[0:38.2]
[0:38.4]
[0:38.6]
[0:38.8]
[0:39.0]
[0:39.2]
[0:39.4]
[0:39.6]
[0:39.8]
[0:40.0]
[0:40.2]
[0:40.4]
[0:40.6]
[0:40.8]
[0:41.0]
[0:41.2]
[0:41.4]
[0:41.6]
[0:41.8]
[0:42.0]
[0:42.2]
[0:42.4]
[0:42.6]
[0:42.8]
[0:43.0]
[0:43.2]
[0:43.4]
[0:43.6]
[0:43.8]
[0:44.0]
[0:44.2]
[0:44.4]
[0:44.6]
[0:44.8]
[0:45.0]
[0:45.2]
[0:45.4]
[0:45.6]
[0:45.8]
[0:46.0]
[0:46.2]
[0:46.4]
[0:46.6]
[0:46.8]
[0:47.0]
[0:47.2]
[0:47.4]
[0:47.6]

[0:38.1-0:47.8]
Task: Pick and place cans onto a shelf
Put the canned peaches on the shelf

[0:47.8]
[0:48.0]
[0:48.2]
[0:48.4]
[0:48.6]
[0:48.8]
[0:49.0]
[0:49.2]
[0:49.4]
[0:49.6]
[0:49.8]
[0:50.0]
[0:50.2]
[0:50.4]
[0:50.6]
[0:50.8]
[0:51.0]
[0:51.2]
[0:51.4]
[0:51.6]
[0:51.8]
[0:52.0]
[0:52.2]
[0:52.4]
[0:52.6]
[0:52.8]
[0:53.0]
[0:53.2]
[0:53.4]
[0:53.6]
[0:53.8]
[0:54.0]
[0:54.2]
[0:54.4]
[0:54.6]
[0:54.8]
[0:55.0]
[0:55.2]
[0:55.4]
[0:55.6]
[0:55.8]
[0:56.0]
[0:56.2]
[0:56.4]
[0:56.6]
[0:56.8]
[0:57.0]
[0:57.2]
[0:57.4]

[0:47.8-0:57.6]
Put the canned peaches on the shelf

══════════

Give back the material in full, word for word.

[0:38.2]
[0:38.4]
[0:38.6]
[0:38.8]
[0:39.0]
[0:39.2]
[0:39.4]
[0:39.6]
[0:39.8]
[0:40.0]
[0:40.2]
[0:40.4]
[0:40.6]
[0:40.8]
[0:41.0]
[0:41.2]
[0:41.4]
[0:41.6]
[0:41.8]
[0:42.0]
[0:42.2]
[0:42.4]
[0:42.6]
[0:42.8]
[0:43.0]
[0:43.2]
[0:43.4]
[0:43.6]
[0:43.8]
[0:44.0]
[0:44.2]
[0:44.4]
[0:44.6]
[0:44.8]
[0:45.0]
[0:45.2]
[0:45.4]
[0:45.6]
[0:45.8]
[0:46.0]
[0:46.2]
[0:46.4]
[0:46.6]
[0:46.8]
[0:47.0]
[0:47.2]
[0:47.4]
[0:47.6]

[0:38.1-0:47.8]
Task: Pick and place cans onto a shelf
Put the canned peaches on the shelf

[0:47.8]
[0:48.0]
[0:48.2]
[0:48.4]
[0:48.6]
[0:48.8]
[0:49.0]
[0:49.2]
[0:49.4]
[0:49.6]
[0:49.8]
[0:50.0]
[0:50.2]
[0:50.4]
[0:50.6]
[0:50.8]
[0:51.0]
[0:51.2]
[0:51.4]
[0:51.6]
[0:51.8]
[0:52.0]
[0:52.2]
[0:52.4]
[0:52.6]
[0:52.8]
[0:53.0]
[0:53.2]
[0:53.4]
[0:53.6]
[0:53.8]
[0:54.0]
[0:54.2]
[0:54.4]
[0:54.6]
[0:54.8]
[0:55.0]
[0:55.2]
[0:55.4]
[0:55.6]
[0:55.8]
[0:56.0]
[0:56.2]
[0:56.4]
[0:56.6]
[0:56.8]
[0:57.0]
[0:57.2]
[0:57.4]

[0:47.8-0:57.6]
Put the canned peaches on the shelf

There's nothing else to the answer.